Records contained in a dataset
--------------------------------
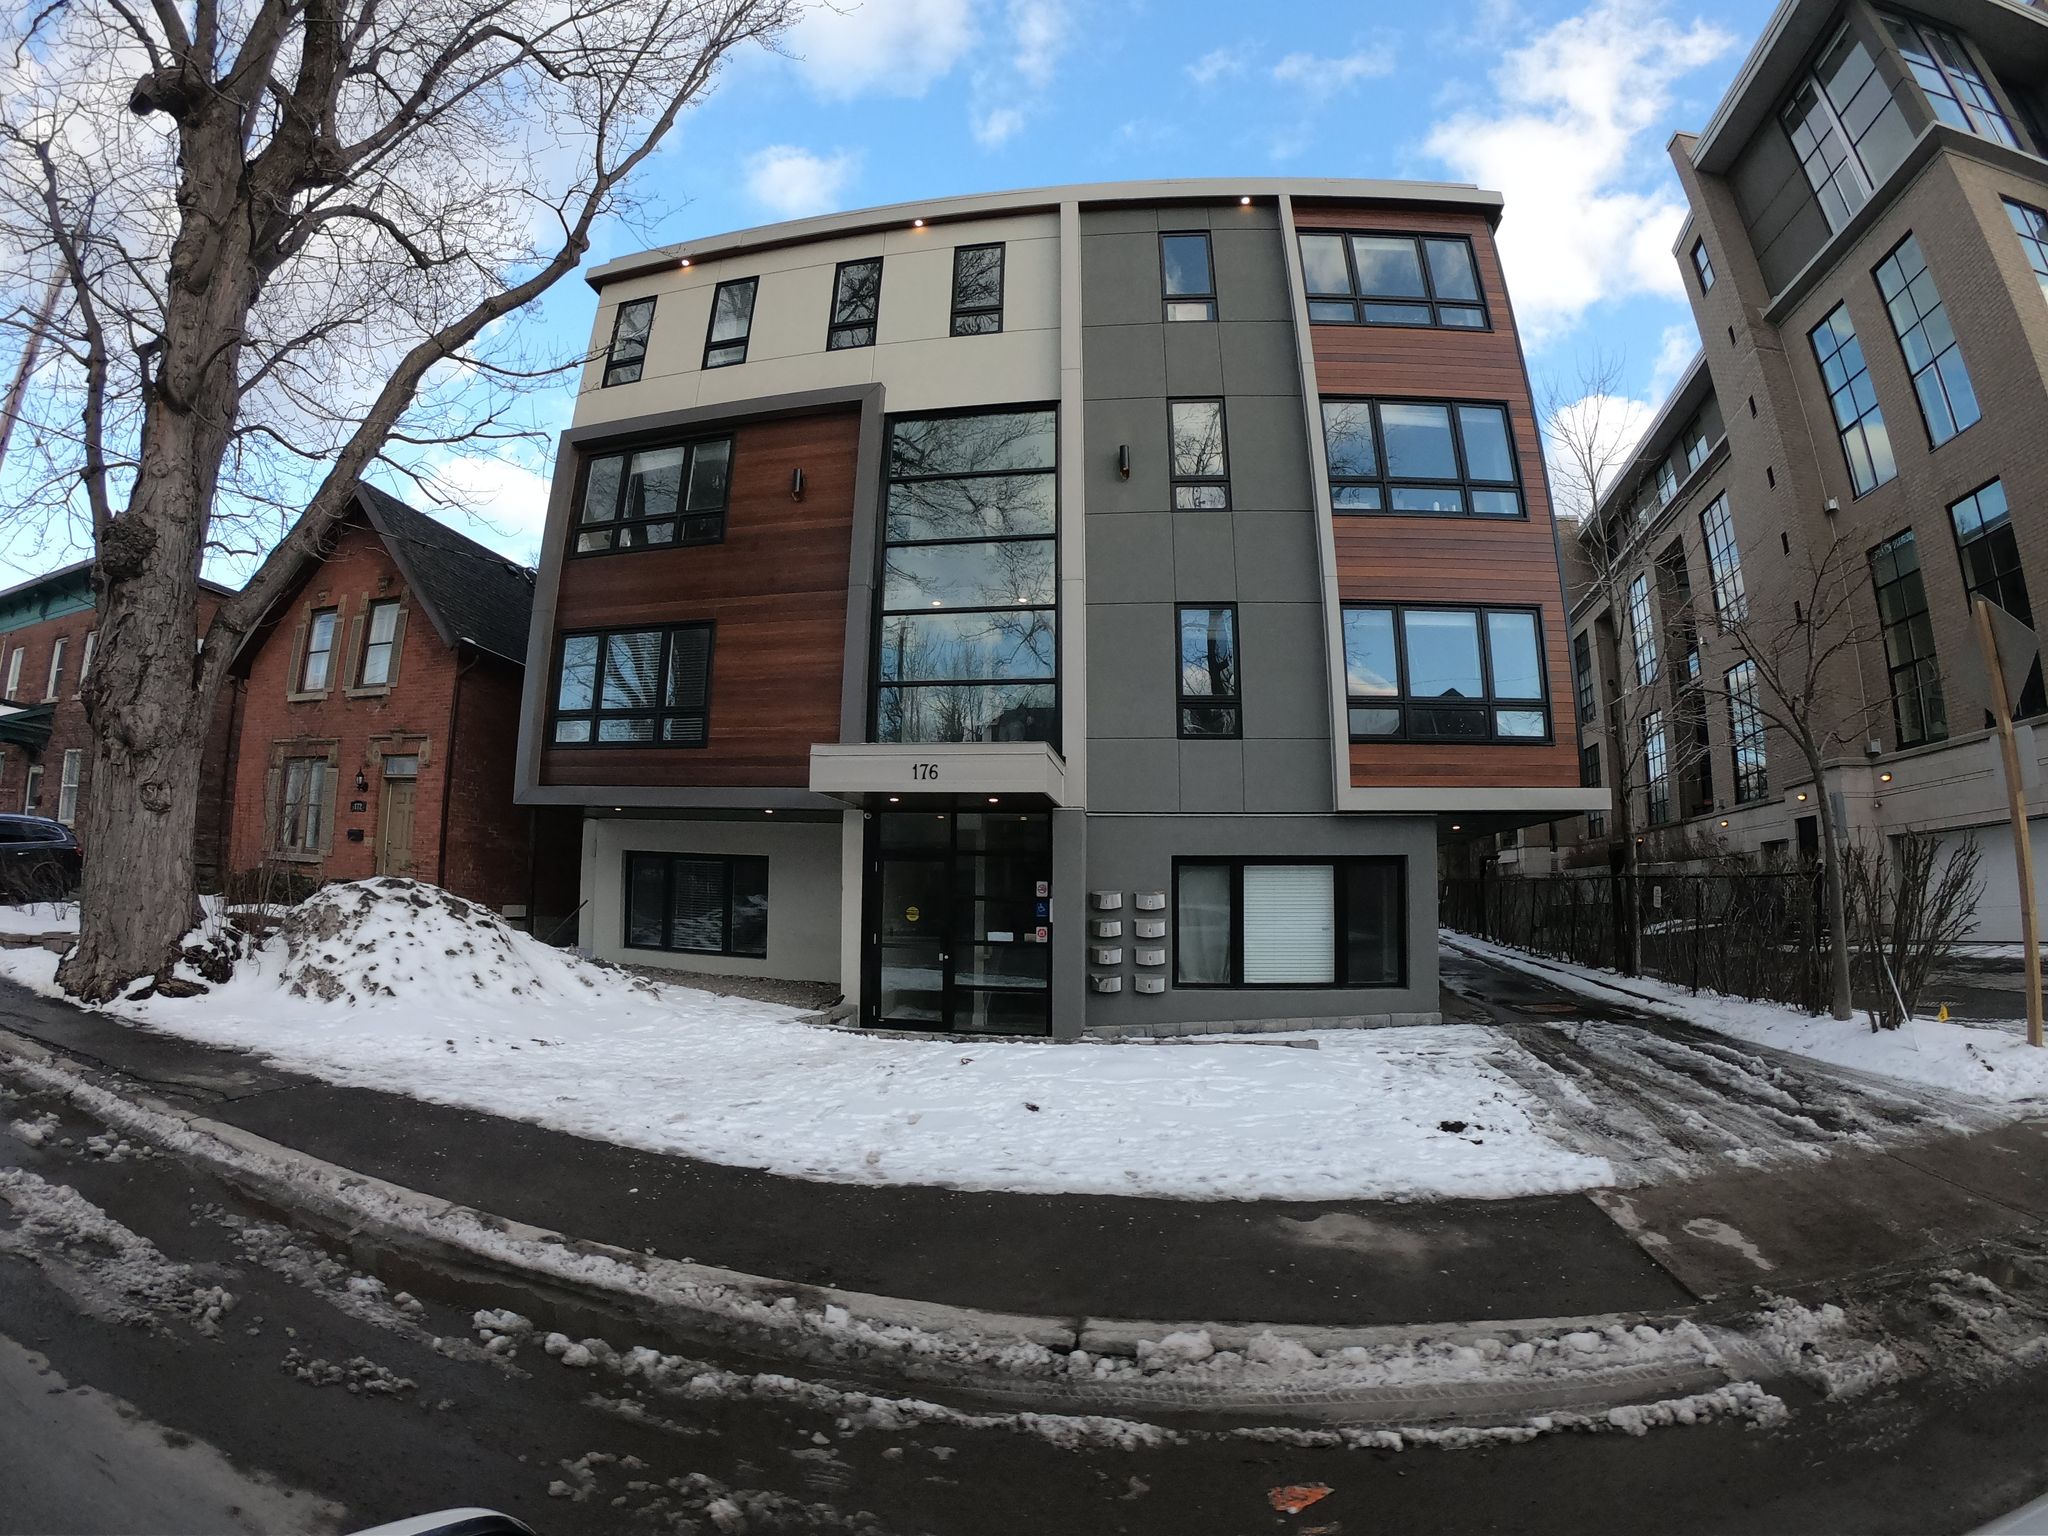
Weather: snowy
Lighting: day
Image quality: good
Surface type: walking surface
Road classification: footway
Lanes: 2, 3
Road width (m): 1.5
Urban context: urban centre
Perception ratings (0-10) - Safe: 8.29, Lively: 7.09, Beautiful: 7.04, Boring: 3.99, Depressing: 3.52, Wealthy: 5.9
--------------------------------
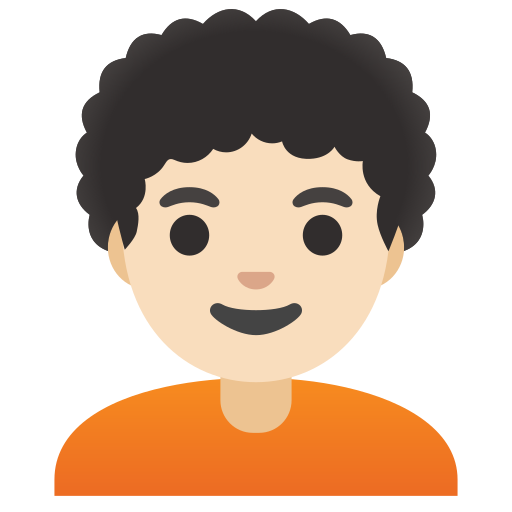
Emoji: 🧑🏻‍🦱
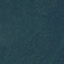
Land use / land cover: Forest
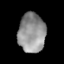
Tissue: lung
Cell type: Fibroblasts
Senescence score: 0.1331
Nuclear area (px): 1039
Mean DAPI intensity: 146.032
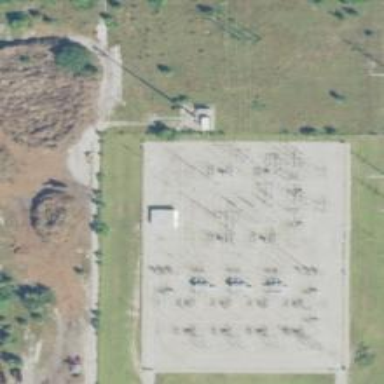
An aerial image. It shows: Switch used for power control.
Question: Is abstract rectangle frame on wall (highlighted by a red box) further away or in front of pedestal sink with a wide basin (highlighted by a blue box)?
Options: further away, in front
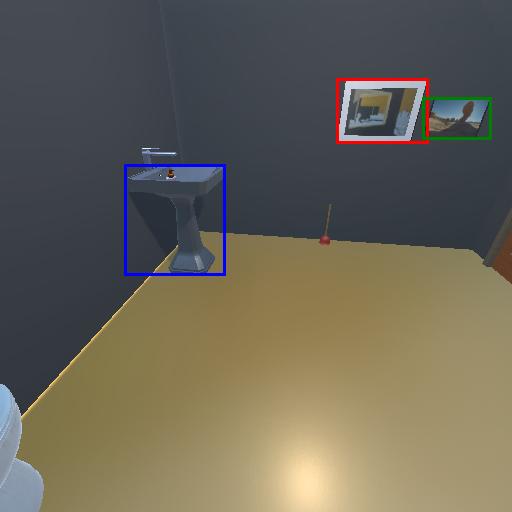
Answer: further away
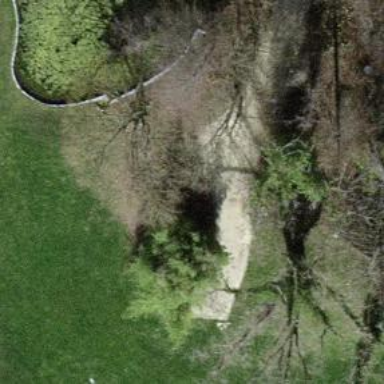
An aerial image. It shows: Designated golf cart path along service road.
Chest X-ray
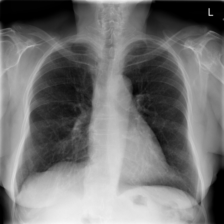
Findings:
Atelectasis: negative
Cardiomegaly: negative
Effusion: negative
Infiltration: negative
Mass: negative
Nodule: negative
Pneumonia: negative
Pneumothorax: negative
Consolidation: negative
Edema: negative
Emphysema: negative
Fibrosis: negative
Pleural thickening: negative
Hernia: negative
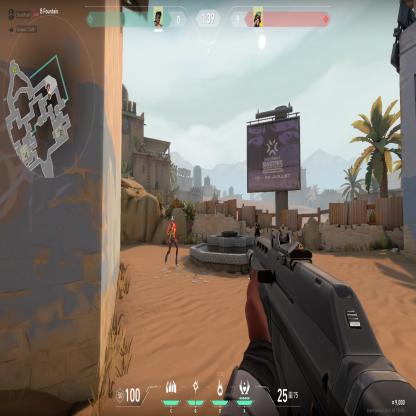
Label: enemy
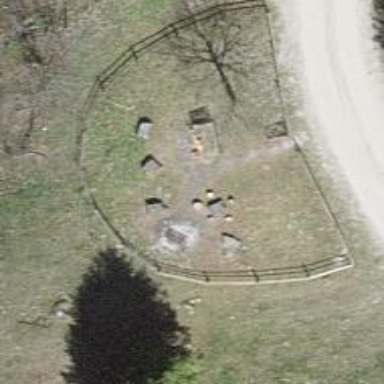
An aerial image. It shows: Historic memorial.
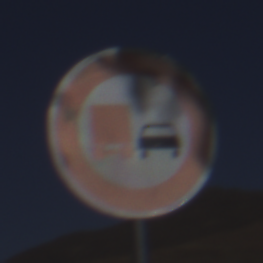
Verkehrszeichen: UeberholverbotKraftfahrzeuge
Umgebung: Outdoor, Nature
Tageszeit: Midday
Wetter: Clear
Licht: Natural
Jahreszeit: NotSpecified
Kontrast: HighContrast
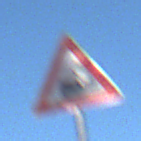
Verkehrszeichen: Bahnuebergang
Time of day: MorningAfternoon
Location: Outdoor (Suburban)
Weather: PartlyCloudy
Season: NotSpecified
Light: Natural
--------------------------------
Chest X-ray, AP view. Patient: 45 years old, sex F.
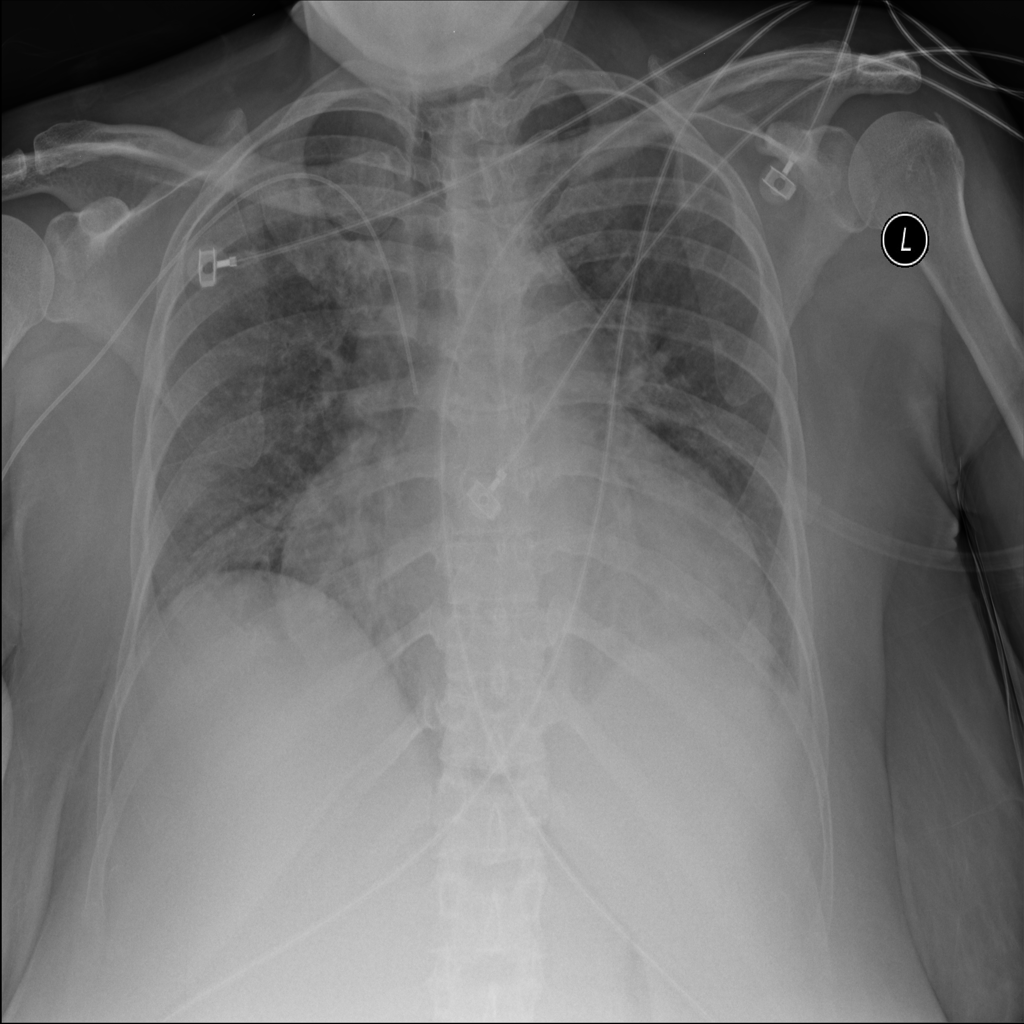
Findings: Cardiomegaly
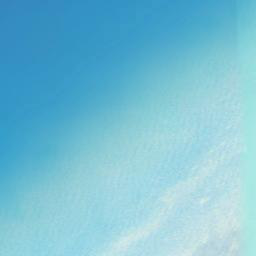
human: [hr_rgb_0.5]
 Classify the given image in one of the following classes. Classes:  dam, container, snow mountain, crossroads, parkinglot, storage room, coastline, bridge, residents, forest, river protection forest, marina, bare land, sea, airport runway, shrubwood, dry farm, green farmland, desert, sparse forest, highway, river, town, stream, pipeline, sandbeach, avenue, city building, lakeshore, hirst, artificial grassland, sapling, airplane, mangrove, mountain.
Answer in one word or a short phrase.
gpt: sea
--------------------------------
* _WORK TASK_
Output exactly, and only, the lines of the entries above from the one with "Consolidation: negative" up to and including the one with "Light: Natural"; pictures are to be left out.

* _ANSWER BELOW_
Consolidation: negative
Edema: negative
Emphysema: negative
Fibrosis: negative
Pleural thickening: negative
Hernia: negative
Label: enemy
An aerial image. It shows: Historic memorial.
Verkehrszeichen: UeberholverbotKraftfahrzeuge
Umgebung: Outdoor, Nature
Tageszeit: Midday
Wetter: Clear
Licht: Natural
Jahreszeit: NotSpecified
Kontrast: HighContrast
Verkehrszeichen: Bahnuebergang
Time of day: MorningAfternoon
Location: Outdoor (Suburban)
Weather: PartlyCloudy
Season: NotSpecified
Light: Natural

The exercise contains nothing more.